Les interventions les plus marquantes de Paul Valéry forment, en 1931, Regards sur le monde actuel. D'autres ont été négligées, voire oubliées. Une lacune comblée partiellement par Michel Jarrety, le doyen des valéryens, dans Souvenirs et réflexions (Bartillat, 2010). Une jeune chercheuse italienne, Paola Cattani, est donc repartie à la chasse aux trésors enfouis. Elle en a rapporté un passionnant volume d'« écrits politiques » s'étalant de 1896 à 1945 : L'Europe et l'Esprit (Gallimard, « Les Cahiers de la NRF », 2020). Il s'ouvre sur des notes prises par Valéry en vue d'une nouvelle lettre sur « la crise de l'esprit », qui n'a pas été écrite. Et il se termine sur une dernière réflexion consacrée à « l'homme de goût », celui qui résiste à la « nouveauté », à « l'intensité des effets », à la « publicité », qui est saisi de nausée « devant les foules au comble de la joie » applaudissant « un mime dévorer des lacets de chaussures, et faire, avec un art incontestable, danser des petits pains en guise de poupées ». Paul Valéry, l'anti-Chaplin ? On sait qu'il n'aimait guère le cinéma.
Ces textes inédits ou retrouvés permettent de suivre de près les engagements de Valéry au sein de la SDN et de sa bureaucratie kafkaïenne, son travail à l'IICI, sa participation aux Entretiens organisés avec des personnalités du monde intellectuel : des écrivains comme Thomas Mann, Jules Romains, ou Salvador de Madariaga, des musiciens comme Béla Bartók, des philosophes comme Hermann von Keyserling, des historiens comme Johan Huizinga, et beaucoup d'autres. Les uns aussi déconnectés des réalités politiques et sociales que les autres. Faut-il s'en étonner ? « Je considère la politique, l'action politique, les formes politiques, comme des valeurs inférieures de l'esprit », déclare Valéry en conclusion aux Entretiens sur « L'Avenir de l'esprit européen ». Or, le souci qu'a Valéry de l'Europe ne date pas de la Première Guerre. Il le fait remonter aux guerres sino-japonaise et hispano-américaines à la fin du XIXe siècle. Ce sont elles qui lui auraient fait comprendre que l'ordre mondial était en train d'être bouleversé. Ce souci de l'Europe lui a dicté, en 1919, le texte devenu célèbre La Crise de l'esprit, puis l'a poussé, en 1927, à proposer à Honoré Champion un volume d'articles, Grandeur et décadence de l'Europe.
La Société des esprits
La faillite, au début des années 1930, des efforts d'Aristide Briand en faveur d'une relation pacifiée avec l'Allemagne avait rendu son propos obsolète et l'auteur l'a abandonné au profit de Regards sur le monde actuel, paru quatre années plus tard. Mais il subsiste une première version de la préface, plus complète que la version qui a servi à Regards, comportant des pages très critiques contre l'utilisation de l'histoire en politique, contre les internationalismes, dont l'internationalisme socialiste, aux antipodes du multilatéralisme de la SDN.

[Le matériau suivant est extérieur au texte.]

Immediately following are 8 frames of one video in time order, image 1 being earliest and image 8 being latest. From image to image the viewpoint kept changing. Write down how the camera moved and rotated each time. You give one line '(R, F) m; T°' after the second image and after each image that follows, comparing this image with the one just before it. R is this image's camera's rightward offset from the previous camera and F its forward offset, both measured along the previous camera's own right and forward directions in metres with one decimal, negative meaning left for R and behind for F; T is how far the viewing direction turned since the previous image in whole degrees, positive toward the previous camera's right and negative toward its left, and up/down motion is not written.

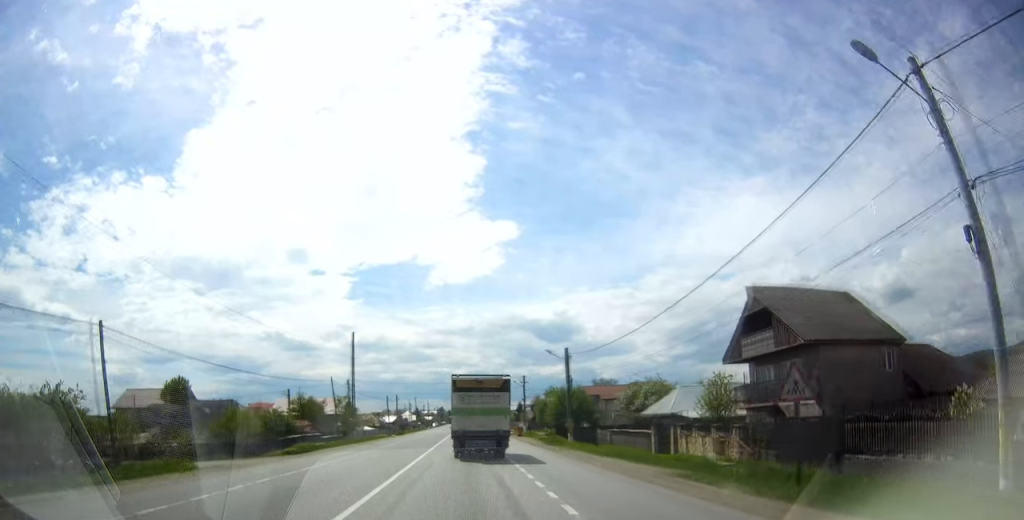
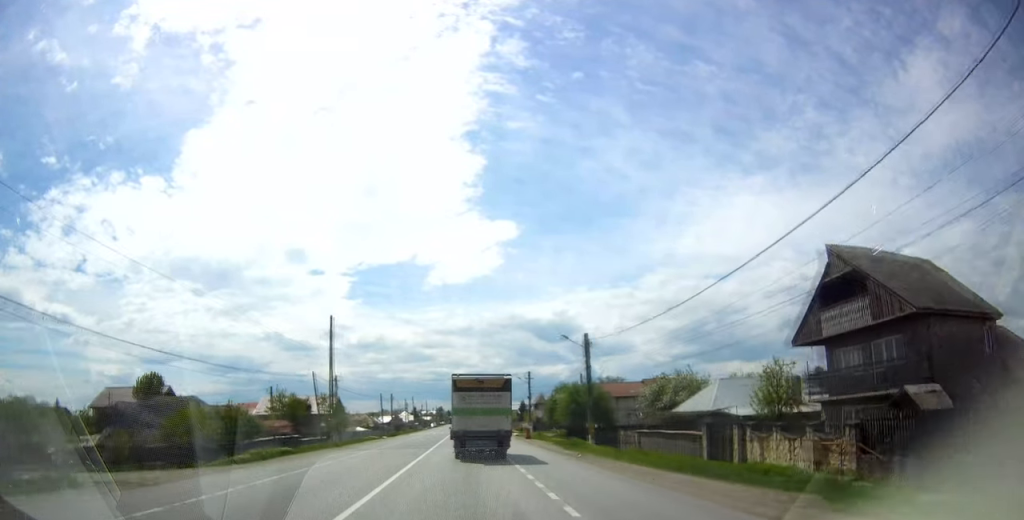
(0.0, +7.9) m; 0°
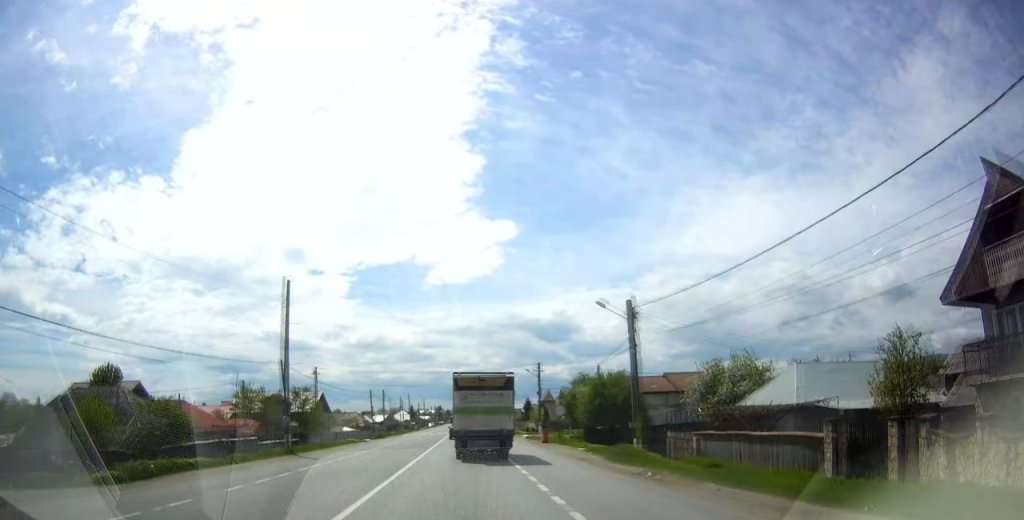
(0.0, +11.1) m; 0°
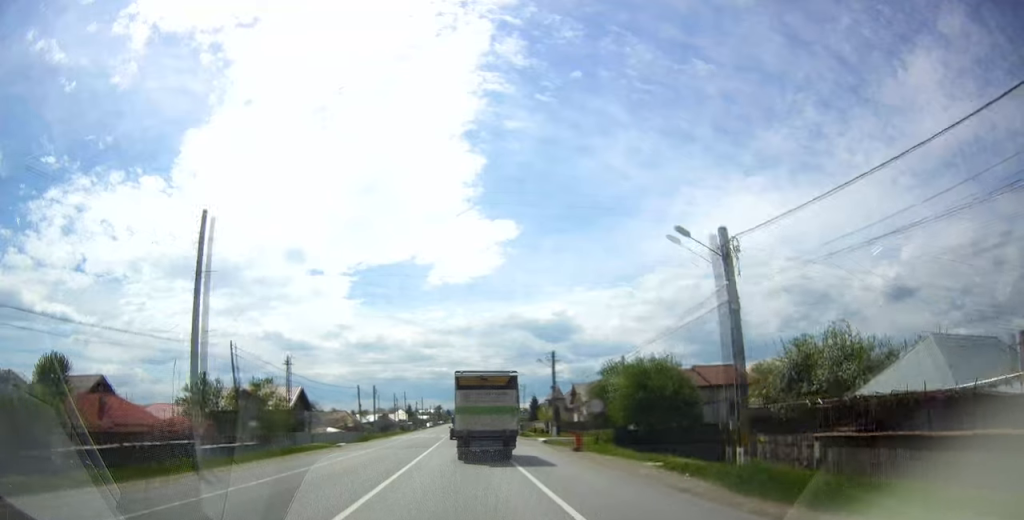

« La Société des nations suppose une Société des esprits » est le credo que Valéry ne cesse de répéter. Or, « l'homme de l'esprit », ce n'est ni l'intellectuel ni le savant, mais toute personne qui « vit pour l'esprit », celui qui partage les valeurs du désintéressement et de la primauté accordée à l'idéal. Comme Romain Rolland fondant une « Internationale de l'Esprit » ou André Breton rêvant à une « révolution de l'esprit », Paul Valéry affirme la primauté du spirituel sur le politique et l'économique. Pour lui, cette Société des esprits n'est pas une fiction. « Elle a toujours existé, avec une force inégale selon les temps. L'essence de la pensée la plus solitaire, élaborée dans la plus secrète et la plus jalouse indépendance, c'est de se communiquer, d'émouvoir au loin des accords, des affinités et même des réactions opposées qui attestent sa qualité. »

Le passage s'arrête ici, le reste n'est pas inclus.